- _What you need to do_
Every line of the data below should be retyped exactly, with no images carried over.

+++ Records supplied

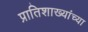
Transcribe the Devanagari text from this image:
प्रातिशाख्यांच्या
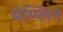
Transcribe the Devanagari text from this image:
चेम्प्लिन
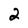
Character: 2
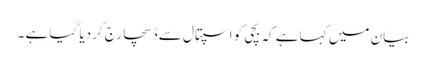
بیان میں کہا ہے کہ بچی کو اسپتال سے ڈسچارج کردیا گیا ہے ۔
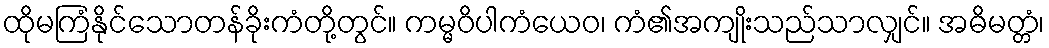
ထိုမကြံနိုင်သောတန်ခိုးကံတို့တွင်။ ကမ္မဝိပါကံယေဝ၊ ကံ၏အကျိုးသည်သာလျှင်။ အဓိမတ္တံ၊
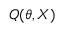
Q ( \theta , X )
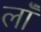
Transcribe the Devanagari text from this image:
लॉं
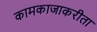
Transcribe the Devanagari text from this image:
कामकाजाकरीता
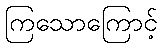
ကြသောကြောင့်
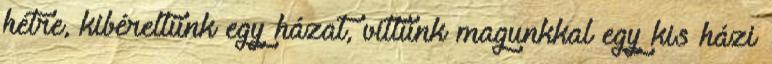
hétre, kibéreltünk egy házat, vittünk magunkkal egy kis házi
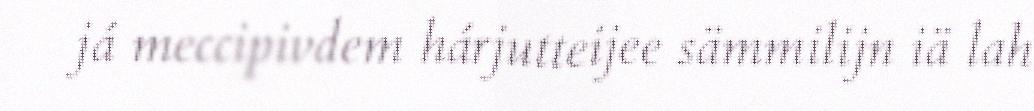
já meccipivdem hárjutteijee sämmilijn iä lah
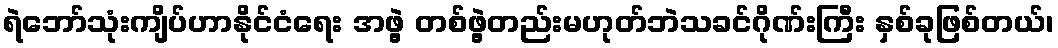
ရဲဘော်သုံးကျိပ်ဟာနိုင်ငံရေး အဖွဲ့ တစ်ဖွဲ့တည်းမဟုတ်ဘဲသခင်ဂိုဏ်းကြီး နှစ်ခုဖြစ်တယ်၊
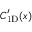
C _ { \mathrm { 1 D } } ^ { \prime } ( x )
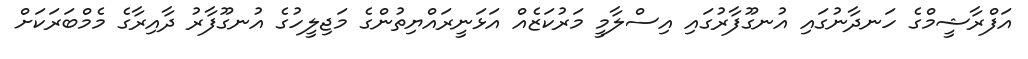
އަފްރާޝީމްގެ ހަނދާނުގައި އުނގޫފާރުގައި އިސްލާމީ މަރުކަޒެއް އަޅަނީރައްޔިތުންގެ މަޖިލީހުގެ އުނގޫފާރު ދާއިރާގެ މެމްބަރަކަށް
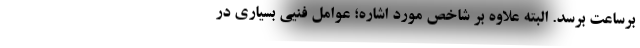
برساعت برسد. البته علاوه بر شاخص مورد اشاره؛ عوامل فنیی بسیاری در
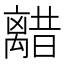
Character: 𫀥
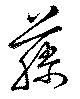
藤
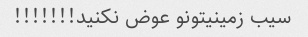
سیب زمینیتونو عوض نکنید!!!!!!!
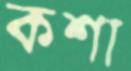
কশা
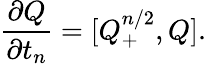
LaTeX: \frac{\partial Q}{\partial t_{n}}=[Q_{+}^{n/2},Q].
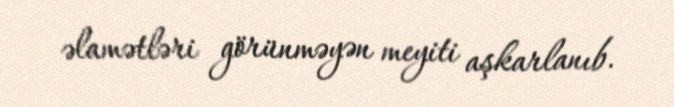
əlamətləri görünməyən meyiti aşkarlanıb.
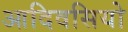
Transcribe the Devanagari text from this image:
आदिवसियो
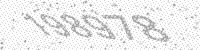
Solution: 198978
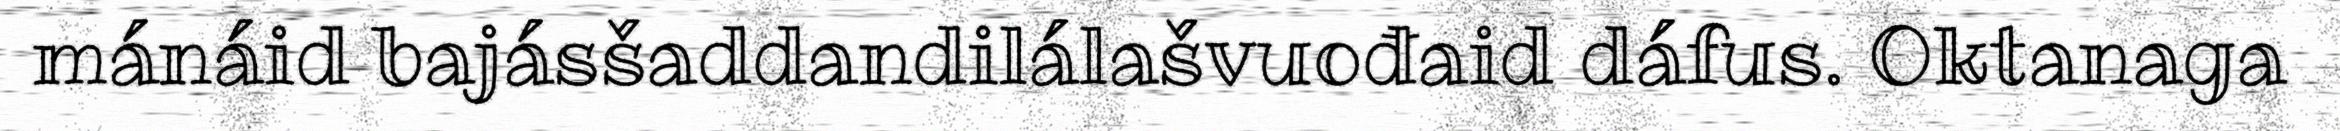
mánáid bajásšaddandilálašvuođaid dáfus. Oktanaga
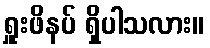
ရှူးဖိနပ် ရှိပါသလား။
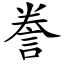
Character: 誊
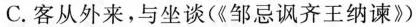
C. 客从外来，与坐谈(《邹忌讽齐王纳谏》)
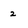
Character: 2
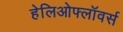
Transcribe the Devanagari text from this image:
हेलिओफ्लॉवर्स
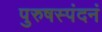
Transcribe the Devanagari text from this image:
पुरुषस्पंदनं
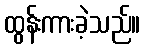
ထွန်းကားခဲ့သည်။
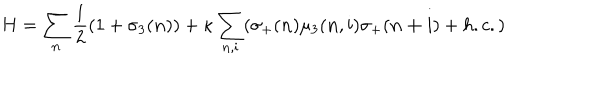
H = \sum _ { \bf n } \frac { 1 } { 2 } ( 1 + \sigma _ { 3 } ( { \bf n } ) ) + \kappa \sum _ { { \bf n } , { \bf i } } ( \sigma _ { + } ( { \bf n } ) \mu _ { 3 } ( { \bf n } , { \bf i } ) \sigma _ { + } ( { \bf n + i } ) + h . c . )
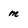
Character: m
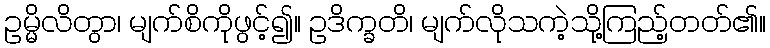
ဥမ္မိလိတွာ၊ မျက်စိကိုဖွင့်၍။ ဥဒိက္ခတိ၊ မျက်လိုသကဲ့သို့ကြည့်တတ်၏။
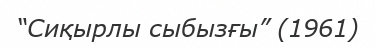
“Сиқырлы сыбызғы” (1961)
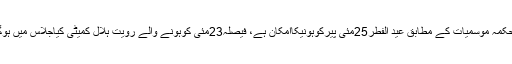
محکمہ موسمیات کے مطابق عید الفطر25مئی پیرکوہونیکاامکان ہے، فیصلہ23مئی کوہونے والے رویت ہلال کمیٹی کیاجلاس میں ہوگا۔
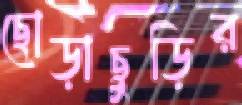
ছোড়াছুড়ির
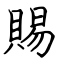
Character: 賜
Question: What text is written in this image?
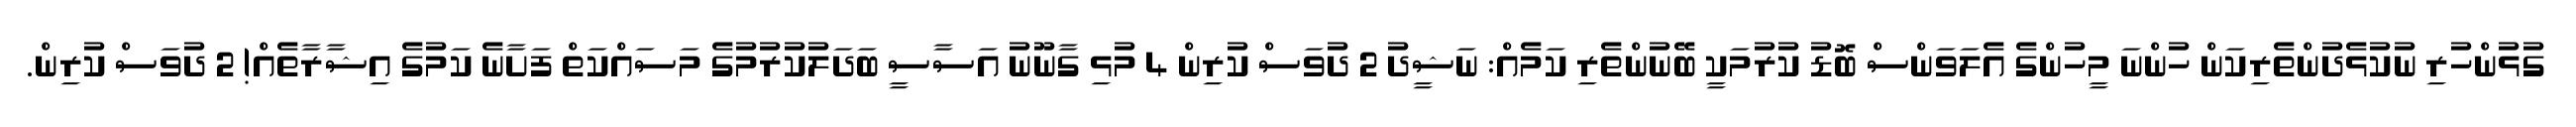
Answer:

++++++

- _Your solution_
Transcribe the Devanagari text from this image:
प्रातिशाख्यांच्या
Transcribe the Devanagari text from this image:
चेम्प्लिन
Character: 2
بیان میں کہا ہے کہ بچی کو اسپتال سے ڈسچارج کردیا گیا ہے ۔
ထိုမကြံနိုင်သောတန်ခိုးကံတို့တွင်။ ကမ္မဝိပါကံယေဝ၊ ကံ၏အကျိုးသည်သာလျှင်။ အဓိမတ္တံ၊
Q ( \theta , X )
Transcribe the Devanagari text from this image:
लॉं
Transcribe the Devanagari text from this image:
कामकाजाकरीता
ကြသောကြောင့်
hétre, kibéreltünk egy házat, vittünk magunkkal egy kis házi
já meccipivdem hárjutteijee sämmilijn iä lah
ရဲဘော်သုံးကျိပ်ဟာနိုင်ငံရေး အဖွဲ့ တစ်ဖွဲ့တည်းမဟုတ်ဘဲသခင်ဂိုဏ်းကြီး နှစ်ခုဖြစ်တယ်၊
C _ { \mathrm { 1 D } } ^ { \prime } ( x )
އަފްރާޝީމްގެ ހަނދާނުގައި އުނގޫފާރުގައި އިސްލާމީ މަރުކަޒެއް އަޅަނީރައްޔިތުންގެ މަޖިލީހުގެ އުނގޫފާރު ދާއިރާގެ މެމްބަރަކަށް
برساعت برسد. البته علاوه بر شاخص مورد اشاره؛ عوامل فنیی بسیاری در
Character: 𫀥
藤
سیب زمینیتونو عوض نکنید!!!!!!!
কশা
LaTeX: \frac{\partial Q}{\partial t_{n}}=[Q_{+}^{n/2},Q].
əlamətləri görünməyən meyiti aşkarlanıb.
Transcribe the Devanagari text from this image:
आदिवसियो
Solution: 198978
mánáid bajásšaddandilálašvuođaid dáfus. Oktanaga
ရှူးဖိနပ် ရှိပါသလား။
Character: 誊
C. 客从外来，与坐谈(《邹忌讽齐王纳谏》)
Character: 2
Transcribe the Devanagari text from this image:
हेलिओफ्लॉवर्स
Transcribe the Devanagari text from this image:
पुरुषस्पंदनं
ထွန်းကားခဲ့သည်။
H = \sum _ { \bf n } \frac { 1 } { 2 } ( 1 + \sigma _ { 3 } ( { \bf n } ) ) + \kappa \sum _ { { \bf n } , { \bf i } } ( \sigma _ { + } ( { \bf n } ) \mu _ { 3 } ( { \bf n } , { \bf i } ) \sigma _ { + } ( { \bf n + i } ) + h . c . )
Character: m
ဥမ္မိလိတွာ၊ မျက်စိကိုဖွင့်၍။ ဥဒိက္ခတိ၊ မျက်လိုသကဲ့သို့ကြည့်တတ်၏။
“Сиқырлы сыбызғы” (1961)
محکمہ موسمیات کے مطابق عید الفطر25مئی پیرکوہونیکاامکان ہے، فیصلہ23مئی کوہونے والے رویت ہلال کمیٹی کیاجلاس میں ہوگا۔
ছোড়াছুড়ির
Character: 賜
Question: What text is written in this image?
Answer:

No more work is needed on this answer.